Stored data entries:
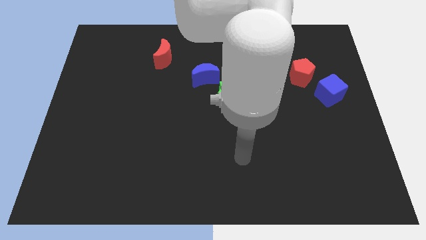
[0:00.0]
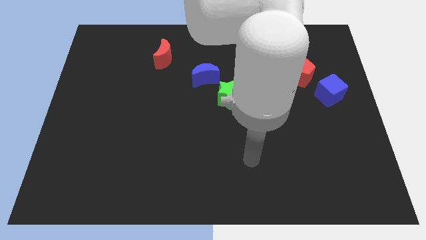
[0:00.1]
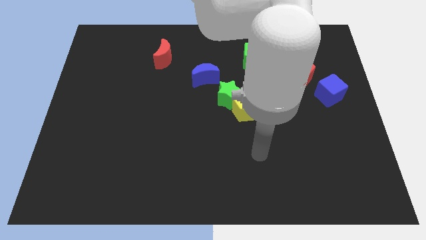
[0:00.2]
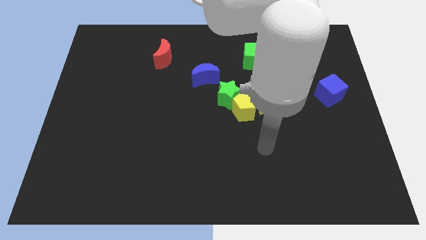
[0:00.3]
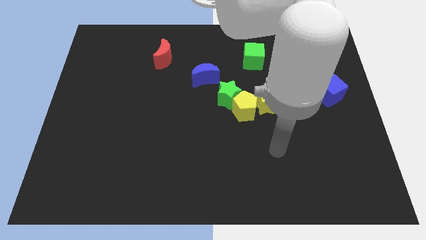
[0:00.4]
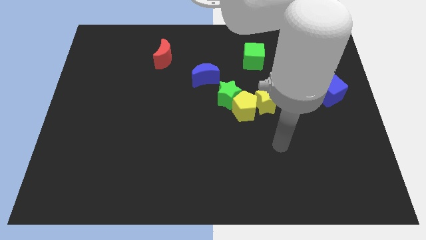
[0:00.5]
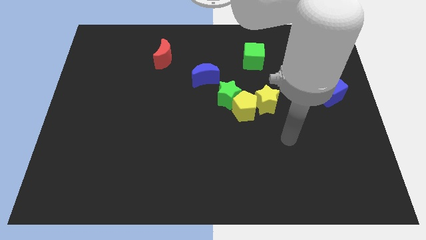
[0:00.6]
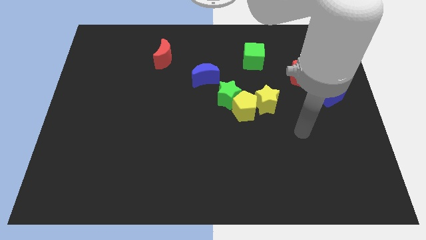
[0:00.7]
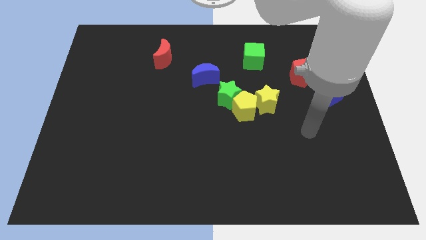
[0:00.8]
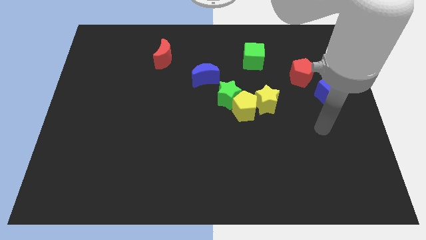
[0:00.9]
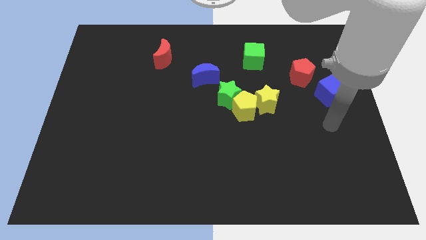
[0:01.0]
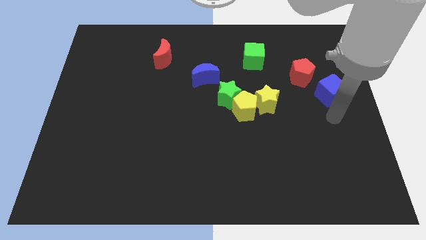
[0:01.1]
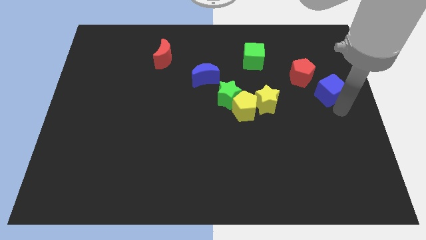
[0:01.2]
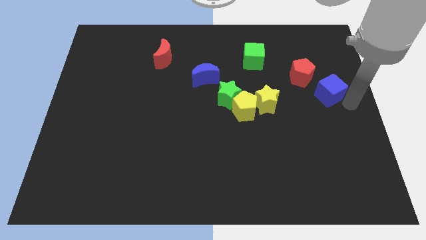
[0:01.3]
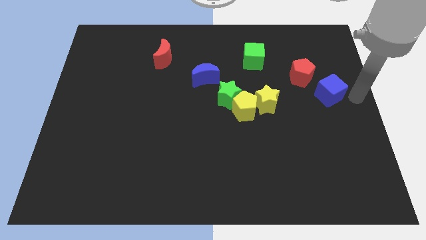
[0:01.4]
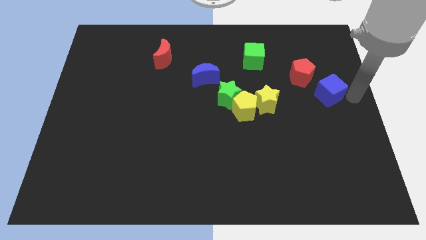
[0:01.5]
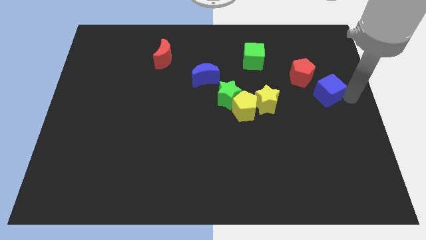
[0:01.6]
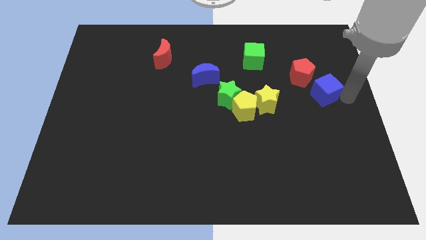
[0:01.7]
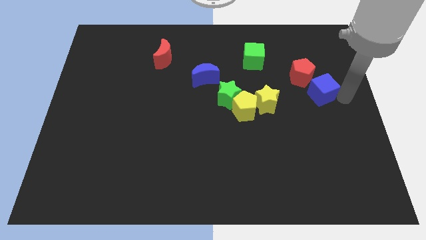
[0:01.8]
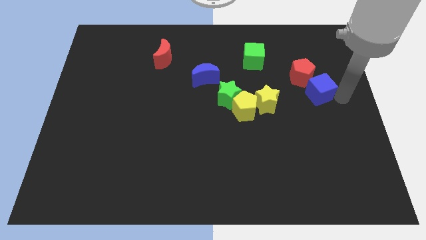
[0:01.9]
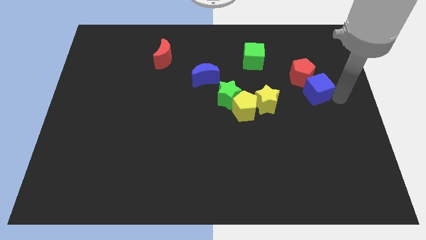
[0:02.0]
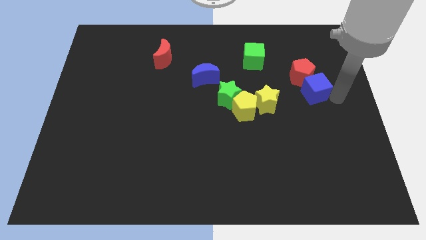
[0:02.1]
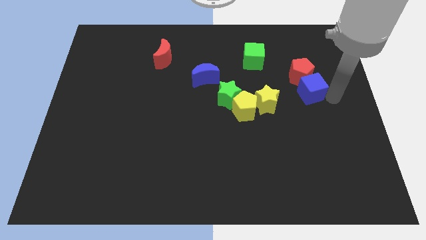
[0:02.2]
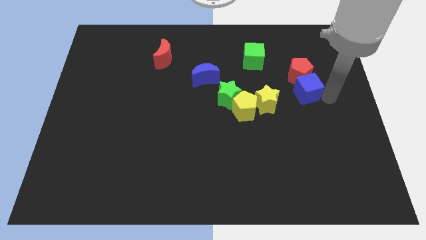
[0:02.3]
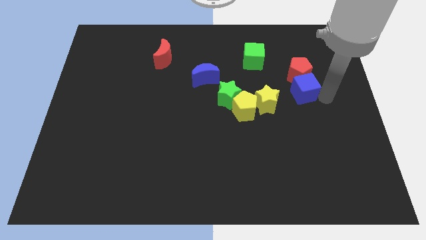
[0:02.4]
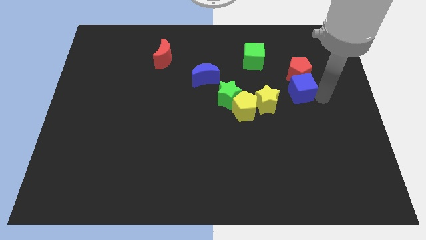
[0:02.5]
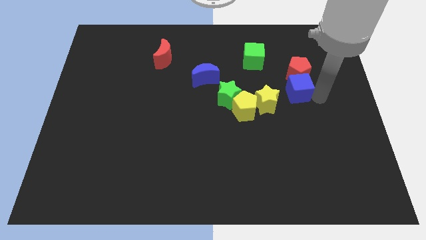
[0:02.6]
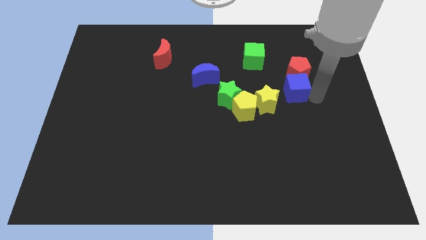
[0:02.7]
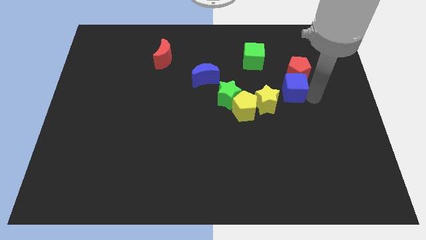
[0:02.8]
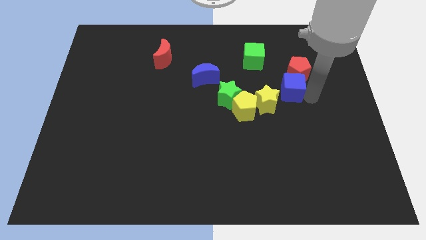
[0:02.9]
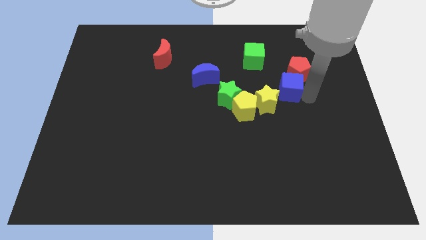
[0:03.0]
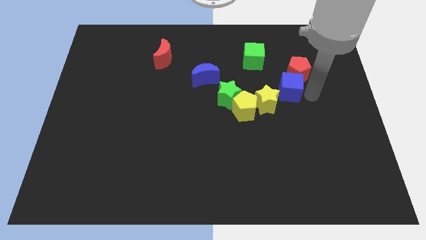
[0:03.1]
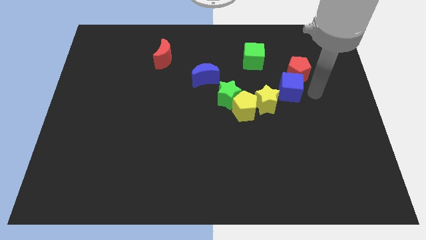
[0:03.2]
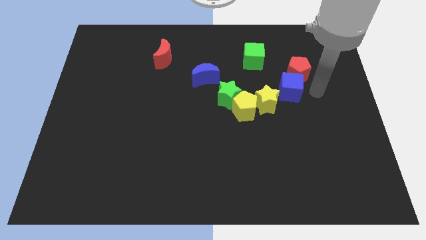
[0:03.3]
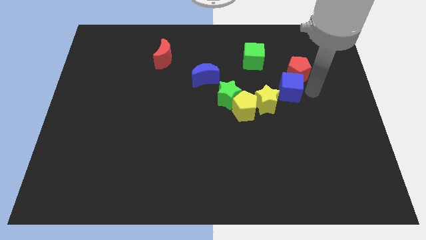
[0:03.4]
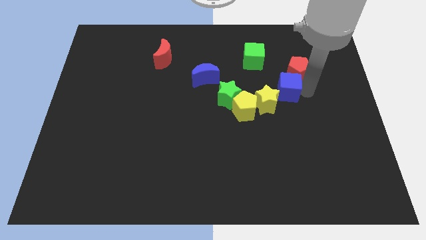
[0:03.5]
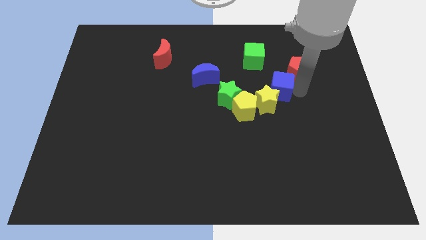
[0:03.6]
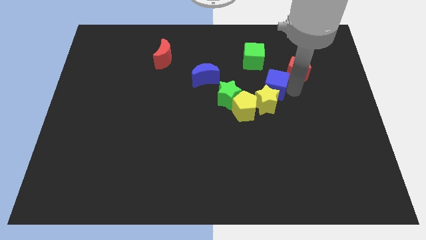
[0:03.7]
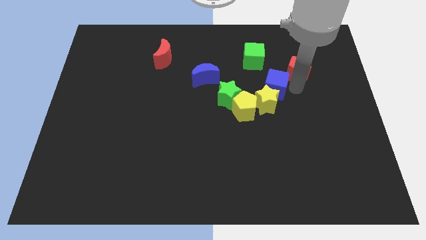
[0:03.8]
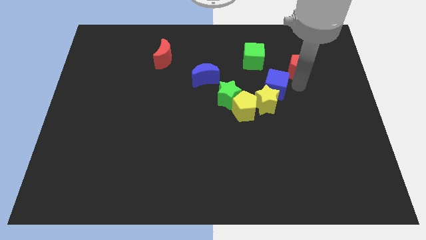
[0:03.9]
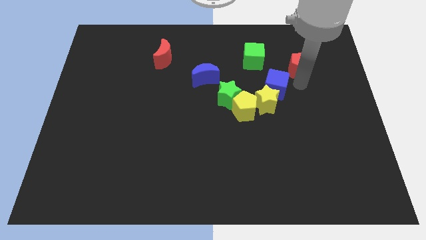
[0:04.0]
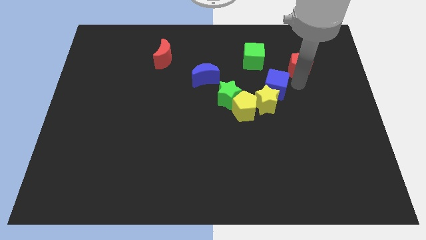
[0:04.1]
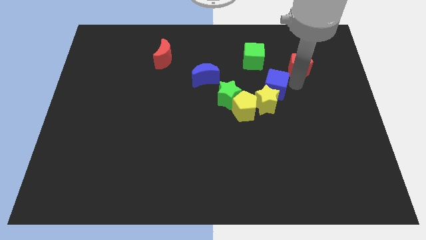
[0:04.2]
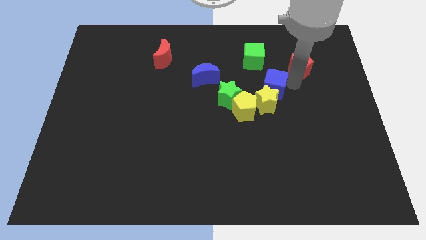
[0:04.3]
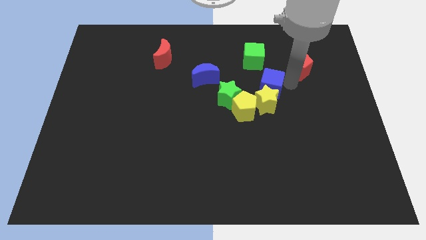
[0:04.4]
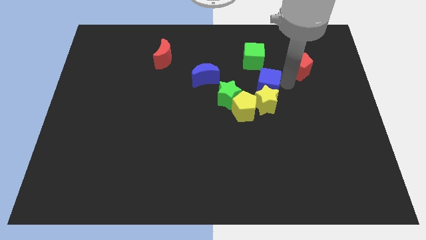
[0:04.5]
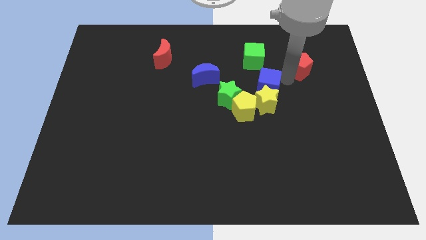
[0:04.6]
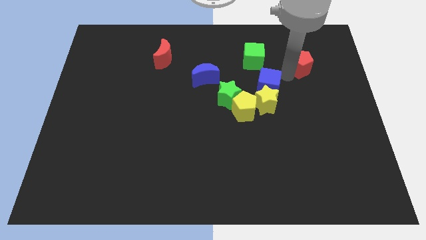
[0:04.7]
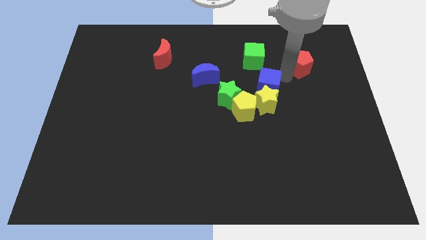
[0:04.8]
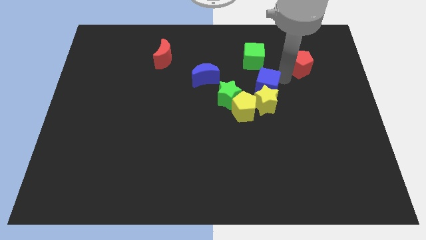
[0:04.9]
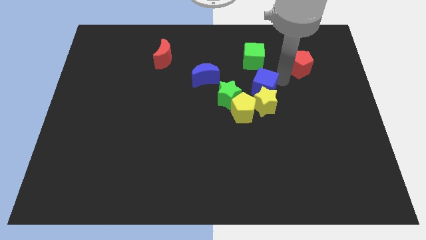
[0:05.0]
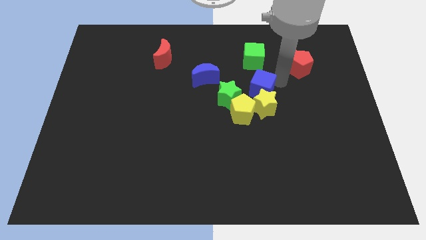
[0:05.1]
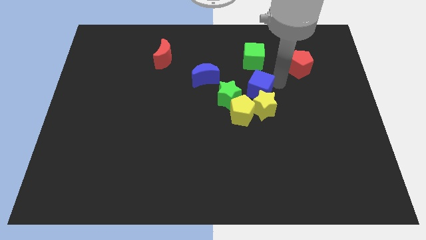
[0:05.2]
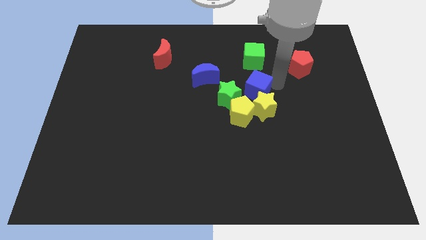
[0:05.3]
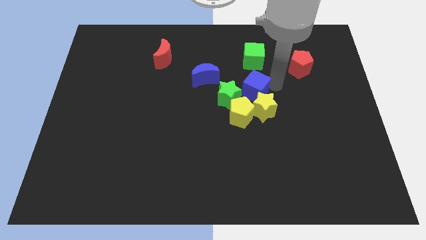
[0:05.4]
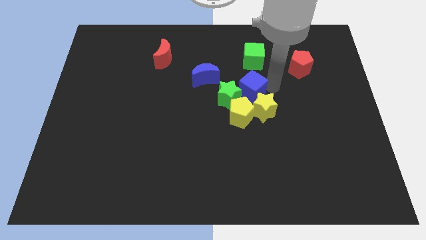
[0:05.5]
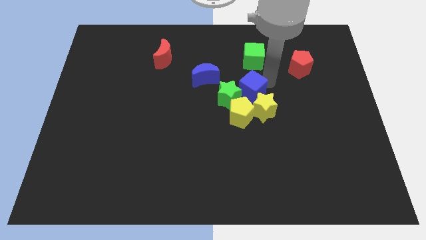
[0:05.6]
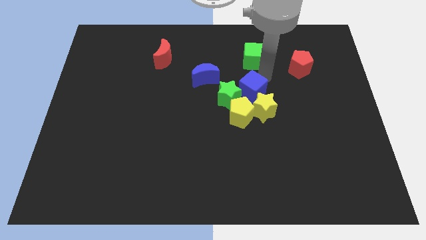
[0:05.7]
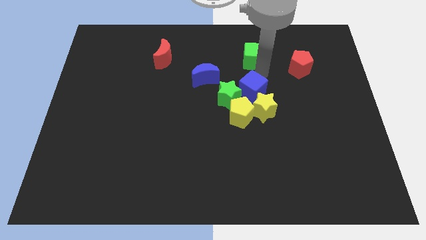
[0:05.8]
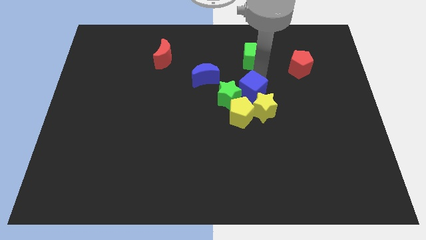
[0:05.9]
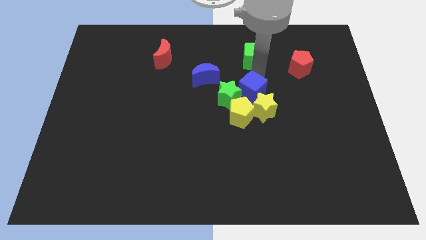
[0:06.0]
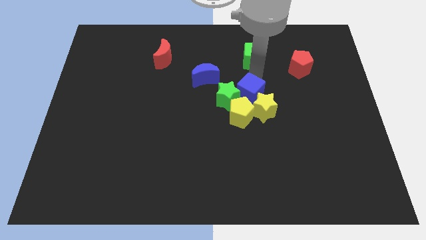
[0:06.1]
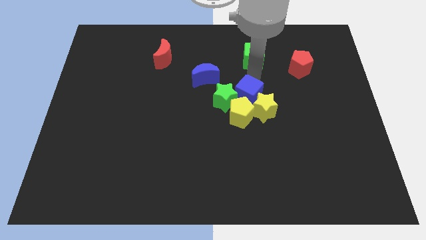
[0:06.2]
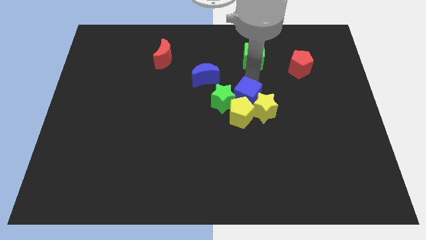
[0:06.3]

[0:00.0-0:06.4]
slide the blue cube next to the yellow pentagon

**About this task**
Every line of the data above is to be set down word for word, with the pictures left out.

**Response area**
[0:00.0]
[0:00.1]
[0:00.2]
[0:00.3]
[0:00.4]
[0:00.5]
[0:00.6]
[0:00.7]
[0:00.8]
[0:00.9]
[0:01.0]
[0:01.1]
[0:01.2]
[0:01.3]
[0:01.4]
[0:01.5]
[0:01.6]
[0:01.7]
[0:01.8]
[0:01.9]
[0:02.0]
[0:02.1]
[0:02.2]
[0:02.3]
[0:02.4]
[0:02.5]
[0:02.6]
[0:02.7]
[0:02.8]
[0:02.9]
[0:03.0]
[0:03.1]
[0:03.2]
[0:03.3]
[0:03.4]
[0:03.5]
[0:03.6]
[0:03.7]
[0:03.8]
[0:03.9]
[0:04.0]
[0:04.1]
[0:04.2]
[0:04.3]
[0:04.4]
[0:04.5]
[0:04.6]
[0:04.7]
[0:04.8]
[0:04.9]
[0:05.0]
[0:05.1]
[0:05.2]
[0:05.3]
[0:05.4]
[0:05.5]
[0:05.6]
[0:05.7]
[0:05.8]
[0:05.9]
[0:06.0]
[0:06.1]
[0:06.2]
[0:06.3]

[0:00.0-0:06.4]
slide the blue cube next to the yellow pentagon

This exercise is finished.